Segment Open
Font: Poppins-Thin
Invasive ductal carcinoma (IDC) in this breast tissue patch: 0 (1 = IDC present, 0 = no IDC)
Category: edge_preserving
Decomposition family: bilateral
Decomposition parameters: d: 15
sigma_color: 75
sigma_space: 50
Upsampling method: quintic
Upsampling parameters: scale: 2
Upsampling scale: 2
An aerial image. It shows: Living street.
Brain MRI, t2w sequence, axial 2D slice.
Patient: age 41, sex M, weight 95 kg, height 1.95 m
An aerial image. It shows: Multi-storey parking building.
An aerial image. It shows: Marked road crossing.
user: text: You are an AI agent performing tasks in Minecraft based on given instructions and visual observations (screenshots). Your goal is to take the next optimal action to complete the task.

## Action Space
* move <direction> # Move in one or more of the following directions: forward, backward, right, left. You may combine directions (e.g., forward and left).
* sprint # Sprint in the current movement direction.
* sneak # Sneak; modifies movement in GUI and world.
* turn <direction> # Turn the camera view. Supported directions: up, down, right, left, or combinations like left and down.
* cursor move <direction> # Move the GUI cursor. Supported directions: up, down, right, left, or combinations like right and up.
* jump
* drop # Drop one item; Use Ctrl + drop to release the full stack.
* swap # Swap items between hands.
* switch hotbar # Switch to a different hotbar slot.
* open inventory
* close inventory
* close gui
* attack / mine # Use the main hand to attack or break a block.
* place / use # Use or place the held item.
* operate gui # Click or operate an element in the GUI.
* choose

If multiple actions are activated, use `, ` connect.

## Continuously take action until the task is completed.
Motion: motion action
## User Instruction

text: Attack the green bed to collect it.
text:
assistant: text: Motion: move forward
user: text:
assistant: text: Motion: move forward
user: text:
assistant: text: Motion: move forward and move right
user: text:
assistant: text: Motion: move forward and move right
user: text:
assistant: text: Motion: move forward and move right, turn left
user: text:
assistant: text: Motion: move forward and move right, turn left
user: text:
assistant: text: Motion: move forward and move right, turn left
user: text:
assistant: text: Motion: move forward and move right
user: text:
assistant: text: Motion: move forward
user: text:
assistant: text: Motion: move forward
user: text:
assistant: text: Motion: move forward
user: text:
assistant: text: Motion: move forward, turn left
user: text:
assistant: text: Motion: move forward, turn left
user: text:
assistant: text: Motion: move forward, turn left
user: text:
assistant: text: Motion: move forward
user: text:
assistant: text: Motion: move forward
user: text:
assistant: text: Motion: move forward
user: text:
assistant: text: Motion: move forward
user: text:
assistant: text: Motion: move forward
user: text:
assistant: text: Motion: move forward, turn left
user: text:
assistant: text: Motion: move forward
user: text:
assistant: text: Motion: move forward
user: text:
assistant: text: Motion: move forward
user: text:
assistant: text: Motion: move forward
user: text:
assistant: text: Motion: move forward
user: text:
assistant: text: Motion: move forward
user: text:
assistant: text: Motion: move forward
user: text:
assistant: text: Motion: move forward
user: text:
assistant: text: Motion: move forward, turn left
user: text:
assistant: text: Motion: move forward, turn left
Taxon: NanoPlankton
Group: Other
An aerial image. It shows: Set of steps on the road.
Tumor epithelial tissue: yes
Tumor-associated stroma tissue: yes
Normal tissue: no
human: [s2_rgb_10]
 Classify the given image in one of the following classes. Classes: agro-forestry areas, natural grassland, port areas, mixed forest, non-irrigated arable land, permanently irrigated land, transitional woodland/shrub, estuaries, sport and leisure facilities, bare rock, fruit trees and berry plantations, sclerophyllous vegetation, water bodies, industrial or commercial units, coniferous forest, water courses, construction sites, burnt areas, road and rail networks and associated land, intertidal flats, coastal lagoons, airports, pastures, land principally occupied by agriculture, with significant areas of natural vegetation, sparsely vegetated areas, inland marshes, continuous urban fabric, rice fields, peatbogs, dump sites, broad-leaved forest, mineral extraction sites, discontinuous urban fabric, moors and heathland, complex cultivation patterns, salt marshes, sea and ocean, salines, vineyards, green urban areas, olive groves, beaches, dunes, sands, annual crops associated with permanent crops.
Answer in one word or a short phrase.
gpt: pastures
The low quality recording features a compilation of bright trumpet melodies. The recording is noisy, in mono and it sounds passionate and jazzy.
Segment Closed
=== WHAT TO WORK ON ===
Scan the data above for the string "combinations". Copy every line in which it appears.

=== OUTPUT BELOW ===
* turn <direction> # Turn the camera view. Supported directions: up, down, right, left, or combinations like left and down.
* cursor move <direction> # Move the GUI cursor. Supported directions: up, down, right, left, or combinations like right and up.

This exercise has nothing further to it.